The Visit Review

The Visit (2015) Poster


Complete credited cast:
Olivia DeJonge Olivia DeJonge
Ed Oxenbould Ed Oxenbould
Deanna Dunagan Deanna Dunagan
Peter McRobbie Peter McRobbie
Pop Pop
Kathryn Hahn Kathryn Hahn

Review- To say that expectations for his film were low is an understatement. The sole time that I saw a trailer for The Visit a member of the audience visibly groaned as soon as Shyamalan’s name appeared on the screen. And after watching the wretched thing I agreed with him completely.

I want to make one thing crystal clear. Since this is a self-written, self-funded (with money from After Earth-because that film hasn’t caused enough suffering), self-edited and self-produced film then Shyamalan has no-one to blame but himself for this.

Lets run down the positives…. and moving on.

This film lost me in the first five seconds and never really won me back. The reason is simple. The soundtrack. Whether you realize it or not, most horror films rely heavily on the soundtrack, a subtle heartbeat, the sound of violins, even pianos can come together to cause a sense of dread in the audience. Preparing them for whats about to happen.

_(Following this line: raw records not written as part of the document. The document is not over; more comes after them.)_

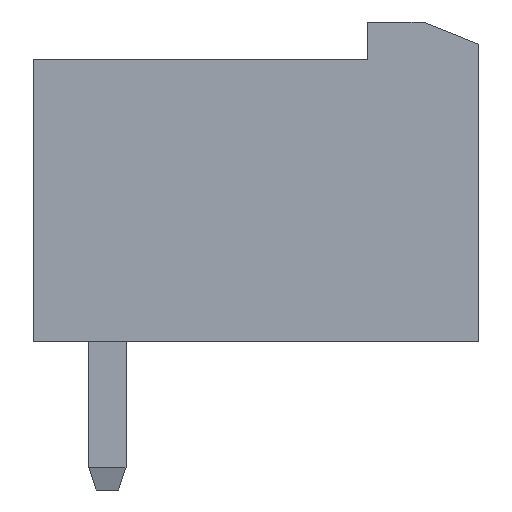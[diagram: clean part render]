
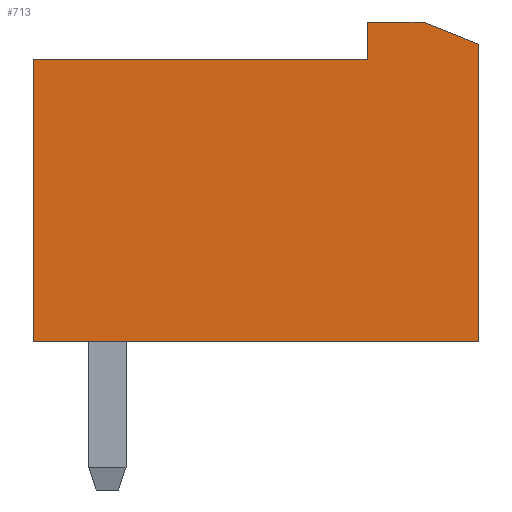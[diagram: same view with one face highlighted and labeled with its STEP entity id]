
A CAD part, left-side view. The second image highlights one B-rep face of the part: STEP entity #713.
In plain terms, the highlighted planar face has unit normal (-1, 0, 0).
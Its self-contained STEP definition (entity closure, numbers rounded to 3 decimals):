
#22 = VERTEX_POINT('',#23);
#23 = CARTESIAN_POINT('',(-7.62,2.,7.6));
#32 = PLANE('',#33);
#33 = AXIS2_PLACEMENT_3D('',#34,#35,#36);
#34 = CARTESIAN_POINT('',(-7.62,2.,7.6));
#35 = DIRECTION('',(0.,1.,0.));
#36 = DIRECTION('',(0.,0.,-1.));
#44 = PLANE('',#45);
#45 = AXIS2_PLACEMENT_3D('',#46,#47,#48);
#46 = CARTESIAN_POINT('',(-7.62,-7.,7.6));
#47 = DIRECTION('',(0.,0.,1.));
#48 = DIRECTION('',(0.,1.,0.));
#85 = VERTEX_POINT('',#86);
#86 = CARTESIAN_POINT('',(-7.62,2.,0.));
#100 = PLANE('',#101);
#101 = AXIS2_PLACEMENT_3D('',#102,#103,#104);
#102 = CARTESIAN_POINT('',(-7.62,2.,0.));
#103 = DIRECTION('',(0.,0.,-1.));
#104 = DIRECTION('',(0.,-1.,0.));
#112 = EDGE_CURVE('',#22,#85,#113,.T.);
#113 = SURFACE_CURVE('',#114,(#118,#125),.PCURVE_S1.);
#114 = LINE('',#115,#116);
#115 = CARTESIAN_POINT('',(-7.62,2.,7.6));
#116 = VECTOR('',#117,1.);
#117 = DIRECTION('',(0.,0.,-1.));
#118 = PCURVE('',#32,#119);
#119 = DEFINITIONAL_REPRESENTATION('',(#120),#124);
#120 = LINE('',#121,#122);
#121 = CARTESIAN_POINT('',(0.,0.));
#122 = VECTOR('',#123,1.);
#123 = DIRECTION('',(1.,0.));
#124 = ( GEOMETRIC_REPRESENTATION_CONTEXT(2)
PARAMETRIC_REPRESENTATION_CONTEXT() REPRESENTATION_CONTEXT('2D SPACE',''
) );
#125 = PCURVE('',#126,#131);
#126 = PLANE('',#127);
#127 = AXIS2_PLACEMENT_3D('',#128,#129,#130);
#128 = CARTESIAN_POINT('',(-7.62,2.,7.6));
#129 = DIRECTION('',(1.,0.,0.));
#130 = DIRECTION('',(0.,-1.,0.));
#131 = DEFINITIONAL_REPRESENTATION('',(#132),#136);
#132 = LINE('',#133,#134);
#133 = CARTESIAN_POINT('',(0.,0.));
#134 = VECTOR('',#135,1.);
#135 = DIRECTION('',(0.,1.));
#136 = ( GEOMETRIC_REPRESENTATION_CONTEXT(2)
PARAMETRIC_REPRESENTATION_CONTEXT() REPRESENTATION_CONTEXT('2D SPACE',''
) );
#142 = VERTEX_POINT('',#143);
#143 = CARTESIAN_POINT('',(-7.62,-7.,7.6));
#159 = PLANE('',#160);
#160 = AXIS2_PLACEMENT_3D('',#161,#162,#163);
#161 = CARTESIAN_POINT('',(-7.62,-7.,8.6));
#162 = DIRECTION('',(0.,1.,0.));
#163 = DIRECTION('',(0.,0.,-1.));
#193 = EDGE_CURVE('',#142,#22,#194,.T.);
#194 = SURFACE_CURVE('',#195,(#199,#206),.PCURVE_S1.);
#195 = LINE('',#196,#197);
#196 = CARTESIAN_POINT('',(-7.62,-7.,7.6));
#197 = VECTOR('',#198,1.);
#198 = DIRECTION('',(0.,1.,0.));
#199 = PCURVE('',#44,#200);
#200 = DEFINITIONAL_REPRESENTATION('',(#201),#205);
#201 = LINE('',#202,#203);
#202 = CARTESIAN_POINT('',(0.,0.));
#203 = VECTOR('',#204,1.);
#204 = DIRECTION('',(1.,0.));
#205 = ( GEOMETRIC_REPRESENTATION_CONTEXT(2)
PARAMETRIC_REPRESENTATION_CONTEXT() REPRESENTATION_CONTEXT('2D SPACE',''
) );
#206 = PCURVE('',#126,#207);
#207 = DEFINITIONAL_REPRESENTATION('',(#208),#212);
#208 = LINE('',#209,#210);
#209 = CARTESIAN_POINT('',(9.,0.));
#210 = VECTOR('',#211,1.);
#211 = DIRECTION('',(-1.,0.));
#212 = ( GEOMETRIC_REPRESENTATION_CONTEXT(2)
PARAMETRIC_REPRESENTATION_CONTEXT() REPRESENTATION_CONTEXT('2D SPACE',''
) );
#242 = VERTEX_POINT('',#243);
#243 = CARTESIAN_POINT('',(-7.62,-10.,0.));
#257 = PLANE('',#258);
#258 = AXIS2_PLACEMENT_3D('',#259,#260,#261);
#259 = CARTESIAN_POINT('',(-7.62,-10.,0.));
#260 = DIRECTION('',(0.,-1.,0.));
#261 = DIRECTION('',(0.,0.,1.));
#269 = EDGE_CURVE('',#85,#242,#270,.T.);
#270 = SURFACE_CURVE('',#271,(#275,#282),.PCURVE_S1.);
#271 = LINE('',#272,#273);
#272 = CARTESIAN_POINT('',(-7.62,2.,0.));
#273 = VECTOR('',#274,1.);
#274 = DIRECTION('',(0.,-1.,0.));
#275 = PCURVE('',#100,#276);
#276 = DEFINITIONAL_REPRESENTATION('',(#277),#281);
#277 = LINE('',#278,#279);
#278 = CARTESIAN_POINT('',(0.,0.));
#279 = VECTOR('',#280,1.);
#280 = DIRECTION('',(1.,0.));
#281 = ( GEOMETRIC_REPRESENTATION_CONTEXT(2)
PARAMETRIC_REPRESENTATION_CONTEXT() REPRESENTATION_CONTEXT('2D SPACE',''
) );
#282 = PCURVE('',#126,#283);
#283 = DEFINITIONAL_REPRESENTATION('',(#284),#288);
#284 = LINE('',#285,#286);
#285 = CARTESIAN_POINT('',(0.,7.6));
#286 = VECTOR('',#287,1.);
#287 = DIRECTION('',(1.,0.));
#288 = ( GEOMETRIC_REPRESENTATION_CONTEXT(2)
PARAMETRIC_REPRESENTATION_CONTEXT() REPRESENTATION_CONTEXT('2D SPACE',''
) );
#713 = ADVANCED_FACE('',(#714),#126,.F.);
#714 = FACE_BOUND('',#715,.T.);
#715 = EDGE_LOOP('',(#716,#717,#718,#741,#769,#797,#818));
#716 = ORIENTED_EDGE('',*,*,#112,.T.);
#717 = ORIENTED_EDGE('',*,*,#269,.T.);
#718 = ORIENTED_EDGE('',*,*,#719,.T.);
#719 = EDGE_CURVE('',#242,#720,#722,.T.);
#720 = VERTEX_POINT('',#721);
#721 = CARTESIAN_POINT('',(-7.62,-10.,8.));
#722 = SURFACE_CURVE('',#723,(#727,#734),.PCURVE_S1.);
#723 = LINE('',#724,#725);
#724 = CARTESIAN_POINT('',(-7.62,-10.,0.));
#725 = VECTOR('',#726,1.);
#726 = DIRECTION('',(0.,0.,1.));
#727 = PCURVE('',#126,#728);
#728 = DEFINITIONAL_REPRESENTATION('',(#729),#733);
#729 = LINE('',#730,#731);
#730 = CARTESIAN_POINT('',(12.,7.6));
#731 = VECTOR('',#732,1.);
#732 = DIRECTION('',(0.,-1.));
#733 = ( GEOMETRIC_REPRESENTATION_CONTEXT(2)
PARAMETRIC_REPRESENTATION_CONTEXT() REPRESENTATION_CONTEXT('2D SPACE',''
) );
#734 = PCURVE('',#257,#735);
#735 = DEFINITIONAL_REPRESENTATION('',(#736),#740);
#736 = LINE('',#737,#738);
#737 = CARTESIAN_POINT('',(0.,0.));
#738 = VECTOR('',#739,1.);
#739 = DIRECTION('',(1.,0.));
#740 = ( GEOMETRIC_REPRESENTATION_CONTEXT(2)
PARAMETRIC_REPRESENTATION_CONTEXT() REPRESENTATION_CONTEXT('2D SPACE',''
) );
#741 = ORIENTED_EDGE('',*,*,#742,.T.);
#742 = EDGE_CURVE('',#720,#743,#745,.T.);
#743 = VERTEX_POINT('',#744);
#744 = CARTESIAN_POINT('',(-7.62,-8.5,8.6));
#745 = SURFACE_CURVE('',#746,(#750,#757),.PCURVE_S1.);
#746 = LINE('',#747,#748);
#747 = CARTESIAN_POINT('',(-7.62,-10.,8.));
#748 = VECTOR('',#749,1.);
#749 = DIRECTION('',(0.,0.928,0.371));
#750 = PCURVE('',#126,#751);
#751 = DEFINITIONAL_REPRESENTATION('',(#752),#756);
#752 = LINE('',#753,#754);
#753 = CARTESIAN_POINT('',(12.,-0.4));
#754 = VECTOR('',#755,1.);
#755 = DIRECTION('',(-0.928,-0.371));
#756 = ( GEOMETRIC_REPRESENTATION_CONTEXT(2)
PARAMETRIC_REPRESENTATION_CONTEXT() REPRESENTATION_CONTEXT('2D SPACE',''
) );
#757 = PCURVE('',#758,#763);
#758 = PLANE('',#759);
#759 = AXIS2_PLACEMENT_3D('',#760,#761,#762);
#760 = CARTESIAN_POINT('',(-7.62,-10.,8.));
#761 = DIRECTION('',(0.,-0.371,0.928));
#762 = DIRECTION('',(0.,0.928,0.371));
#763 = DEFINITIONAL_REPRESENTATION('',(#764),#768);
#764 = LINE('',#765,#766);
#765 = CARTESIAN_POINT('',(0.,0.));
#766 = VECTOR('',#767,1.);
#767 = DIRECTION('',(1.,0.));
#768 = ( GEOMETRIC_REPRESENTATION_CONTEXT(2)
PARAMETRIC_REPRESENTATION_CONTEXT() REPRESENTATION_CONTEXT('2D SPACE',''
) );
#769 = ORIENTED_EDGE('',*,*,#770,.T.);
#770 = EDGE_CURVE('',#743,#771,#773,.T.);
#771 = VERTEX_POINT('',#772);
#772 = CARTESIAN_POINT('',(-7.62,-7.,8.6));
#773 = SURFACE_CURVE('',#774,(#778,#785),.PCURVE_S1.);
#774 = LINE('',#775,#776);
#775 = CARTESIAN_POINT('',(-7.62,-8.5,8.6));
#776 = VECTOR('',#777,1.);
#777 = DIRECTION('',(0.,1.,0.));
#778 = PCURVE('',#126,#779);
#779 = DEFINITIONAL_REPRESENTATION('',(#780),#784);
#780 = LINE('',#781,#782);
#781 = CARTESIAN_POINT('',(10.5,-1.));
#782 = VECTOR('',#783,1.);
#783 = DIRECTION('',(-1.,0.));
#784 = ( GEOMETRIC_REPRESENTATION_CONTEXT(2)
PARAMETRIC_REPRESENTATION_CONTEXT() REPRESENTATION_CONTEXT('2D SPACE',''
) );
#785 = PCURVE('',#786,#791);
#786 = PLANE('',#787);
#787 = AXIS2_PLACEMENT_3D('',#788,#789,#790);
#788 = CARTESIAN_POINT('',(-7.62,-8.5,8.6));
#789 = DIRECTION('',(0.,0.,1.));
#790 = DIRECTION('',(0.,1.,0.));
#791 = DEFINITIONAL_REPRESENTATION('',(#792),#796);
#792 = LINE('',#793,#794);
#793 = CARTESIAN_POINT('',(0.,0.));
#794 = VECTOR('',#795,1.);
#795 = DIRECTION('',(1.,0.));
#796 = ( GEOMETRIC_REPRESENTATION_CONTEXT(2)
PARAMETRIC_REPRESENTATION_CONTEXT() REPRESENTATION_CONTEXT('2D SPACE',''
) );
#797 = ORIENTED_EDGE('',*,*,#798,.T.);
#798 = EDGE_CURVE('',#771,#142,#799,.T.);
#799 = SURFACE_CURVE('',#800,(#804,#811),.PCURVE_S1.);
#800 = LINE('',#801,#802);
#801 = CARTESIAN_POINT('',(-7.62,-7.,8.6));
#802 = VECTOR('',#803,1.);
#803 = DIRECTION('',(0.,0.,-1.));
#804 = PCURVE('',#126,#805);
#805 = DEFINITIONAL_REPRESENTATION('',(#806),#810);
#806 = LINE('',#807,#808);
#807 = CARTESIAN_POINT('',(9.,-1.));
#808 = VECTOR('',#809,1.);
#809 = DIRECTION('',(0.,1.));
#810 = ( GEOMETRIC_REPRESENTATION_CONTEXT(2)
PARAMETRIC_REPRESENTATION_CONTEXT() REPRESENTATION_CONTEXT('2D SPACE',''
) );
#811 = PCURVE('',#159,#812);
#812 = DEFINITIONAL_REPRESENTATION('',(#813),#817);
#813 = LINE('',#814,#815);
#814 = CARTESIAN_POINT('',(0.,0.));
#815 = VECTOR('',#816,1.);
#816 = DIRECTION('',(1.,0.));
#817 = ( GEOMETRIC_REPRESENTATION_CONTEXT(2)
PARAMETRIC_REPRESENTATION_CONTEXT() REPRESENTATION_CONTEXT('2D SPACE',''
) );
#818 = ORIENTED_EDGE('',*,*,#193,.T.);

The Visit starts with the music from a cheesy 50’s B movie. Before launching straight into a massive exposition dump.

This is a found footage film, the reason given is that two children are going to meet their grandparents for the first time. The older one (played rather well by Olivia DeJonge) is an aspiring film maker and wants to document the visit. It works as the central idea, unfortunately, the character has the habit of talking like a 30 year old film student and I didn’t feel in the least attached to her. Her younger brother (played by Ed Oxenbould) I would happily have flayed. He’s given exactly two traits, he raps and is scared of germs. Both of which are mentioned every 5 seconds.

The elderly couple are quite believable and initially offer quite rational explanations for the events in the house, until the second half when it all goes sideways.

Allegedly, Shyamalan filmed 3 versions of this film: A straight horror (except this film isn’t scary), a straight comedy (it’s not funny) or a mixture of the two genres (which I believe was released.) And the director’s wondering eye means that the films tone is all over the place. Scenes that should be scary get punctured by a joke and scenes that should be funny are played for scares. It’s all over the place.    

None of the characters are believable in the way that they speak, act or behave.

And of course, there is THE TWIST. Now, imagine that you are writing a film about an elderly couple living in a farm in the middle of nowhere who summon their grandchildren (whom they have never met) and then beginning rather oddly at night. Now write THE TWIST. Congratulations! It’s a better twist than the one that was in this film which manged the impressive feat of creating more plot-holes than it solved.

So to sum up, its all over the place in tone, I didn’t care about the characters and THE TWIST creates more problems than it solved.